And one more pic. These are 1-oz. name-embossed KI-1s: Emerald green Sun Drug Co. and cobalt Bowman's Drug Stores. Enjoy! Jim


----------



## Lynette (Jul 29, 2006)

AMAZING..........I have a few poison's but nothing like those


----------



## BRIAN S. (Jul 29, 2006)

_Wow Jim ! Thanks for sharing the awesome poisons pics !_
_You gotta love those Store embossed poisons !!!!_
_ Very Nice ~_


----------



## annie44 (Jul 29, 2006)

Thanks for sharing the pictures!  You have a very impressive collection!


----------



## Jim (Jul 29, 2006)

Thanks for the great replies. The store-embossed ones are sweet, just hard to find and a lot of $$! These came in sizes up to 32 oz.

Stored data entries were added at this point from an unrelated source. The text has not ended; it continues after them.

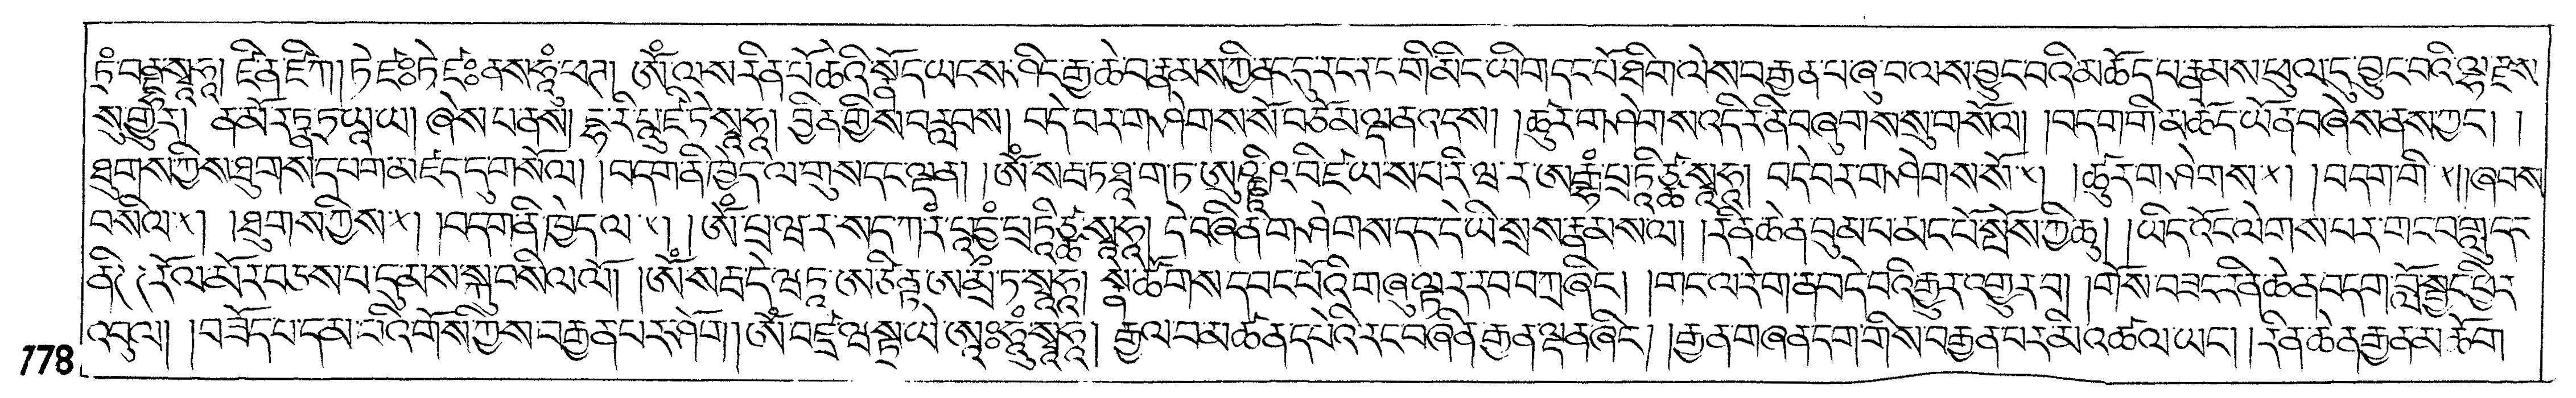ཏྲཾ་བནྡྷ་སྭཱཧཱ། ཛི་ན་ཛི་ཀ། ཏེ་ཛཿ ཏེ་ཛཿ ནས་ཧཱུཾ་ཕཊ། ཨོཾ་ལས་རིན་པོ་ཆེའི་སྣོད་ཡངས་ཤིང་རྒྱ་ཆེ་བ་རྣམས་ཀྱི་ནང་དུ་རང་རང་གི་མིང་ཡིག་དང་པོ་ཐིག་ལེས་བརྒྱན་པ་ཞུ་བ་ལས་བྱུང་བའི་མཆོད་པ་རྣམས་ཕུལ་དུ་བྱུང་བའི་ལྷ་རྫས་
སུ་གྱུར། ན་མོ་རཏྣ་ཏྲ་ཡཱ་ཡ། ཞེས་པ་ནས། དྷ་རི་པཱུ་ཛི་ཏེ་སྭཱཧཱ། བྱིན་གྱིས་བརླབས། བདེ་བར་གཤེགས་སོ་བཅོམ་ལྡན་འདས། །ཚུར་གཤེགས་འདིར་ནི་བཞུགས་སུ་གསོལ། །བདག་གི་མཆོད་ཡོན་བཞེས་ནས་ཀྱང་། །
ཐུགས་ཀྱིས་ཐུགས་དཔག་མཛད་དུ་གསོལ། །བདག་ནི་ཁྱེད་ལ་གུས་དང་ལྡན། །ཨོཾ་སརྦ་ཏ་ཐཱ་ག་ཏ་ཨུཥྞཱི་ཥ་བི་ཛ་ཡ་ས་པ་རི་ཝ་ར་ཨརྒྷཾ་པྲ་ཏཱི་ཙྪ་སྭཱཧཱ། བདེ་བར་གཤེགས་སོ་྾། །ཚུར་གཤེགས་྾། །བདག་གི་྾། །ཞབས་
བསིལ་྾། །ཐུགས་ཀྱིས་྾། །བདག་ནི་ཁྱེད་ལ་྾། །ཨོཾ་པྲ་ཝ་ར་སད་ཀ་རཾ་པཱ་དྱཾ་པྲཏཱི་ཙྪ་སྭཱཧཱ། དེ་བཞིན་གཤེགས་དང་དེ་ཡི་སྲས་རྣམས་ལ། །རིན་ཆེན་བུམ་པ་མང་པོ་སྤོས་ཀྱི་ཆུ། །ཡིད་འོང་ལེགས་པར་གང་བ་གླུ་དང་
ནི། །རོལ་མོར་བཅས་པ་དུ་མས་སྐུ་བསིལ་ལོ། །ཨོཾ་སརྦ་དེ་ཝ་ཏཱ་ཨ་ཙི་ནྟ་ཨ་མྲྀ་ཏ་སྭཱཧཱ། སྣ་ཚོགས་དབང་པོའི་གཞུ་ལྟར་རབ་བཀྲ་ཞིང་། །གང་ལ་རེག་ན་བདེ་བའི་རྒྱུར་འགྱུར་བ། །གོས་བཟང་རིན་ཆེན་བདག་བློ་སྦྱང་ཕྱིར་
འབུལ། །བཟོད་པ་དམ་པའི་གོས་ཀྱིས་བརྒྱན་པར་ཤོག །ཨོཾ་བཛྲ་ཝ་སྟྲ་ཡེ་ཨཱཿ ཧཱུཾ་སྭཱཧཱ། རྒྱལ་བ་མཚན་དཔེའི་རང་བཞིན་རྒྱན་ལྡན་ཞིང་། །རྒྱན་གཞན་དག་གིས་བརྒྱན་པར་མི་འཚལ་ཡང་། །རིན་ཆེན་རྒྱན་མཆོག་

A friend of mine in the poison club has a full set of the cobalt KI-1s, 1/2 to 32 oz. You can check them out at www.poisonbottleclub.org. Whenever I get a few more of these built up, I'll be sure to post them here. Thanks again! ~Jim


----------



## madman (Aug 7, 2006)

hey jim those store poisons are freakin amazing !!! man.... thanks for sharing mike


----------



## Jim (Aug 7, 2006)

Thanks, Mike. I hope to get a few more of them in the near future. They are very hard to find, but I will find them []. ~Jim


----------



## madman (Aug 9, 2006)

god speed my brother  mike


----------



## poisons4me (Aug 23, 2006)

Awsome Jim,just plain awsome......


----------



## Jim (Aug 23, 2006)

Thanks, Rick. I made a trade for five new ones recently, including the emerald green 4-oz. Have you picked up any new KIs lately? Good to hear from you! ~Jim


----------



## deepwoods (Aug 23, 2006)

Very, very, nice Jim. Reminds me, I need to get back to that Paines dump.


----------



## Jim (Aug 24, 2006)

Thanks, JD. I still need a Paine bottle, so please keep me in mind if you get any doubles. Good luck, bud. I hope you score big! ~Jim


----------



## poisons4me (Aug 24, 2006)

Being you seem like such a stand up kinda guy Jim,im offering you free storag for all your ki-1s and 2s. And................at no charge to you my friend.


----------



## Jim (Aug 24, 2006)

[] Thanks, Rick. It's nice to have friends who share my love for poisons. I'm sure you would just pack them up in a box for safe keeping and never look at them, right?? Haha!

  If you ever need it, I would do the same thing for you with those beautiful lattices! By the way, I need a 4-ounce plain cobalt KI-2 for my set if you would happen to run across an extra one. They are a hard size to find, my set jumps from 3 oz to 6, missing that 4! Poisons are indeed cool. ~Jim


----------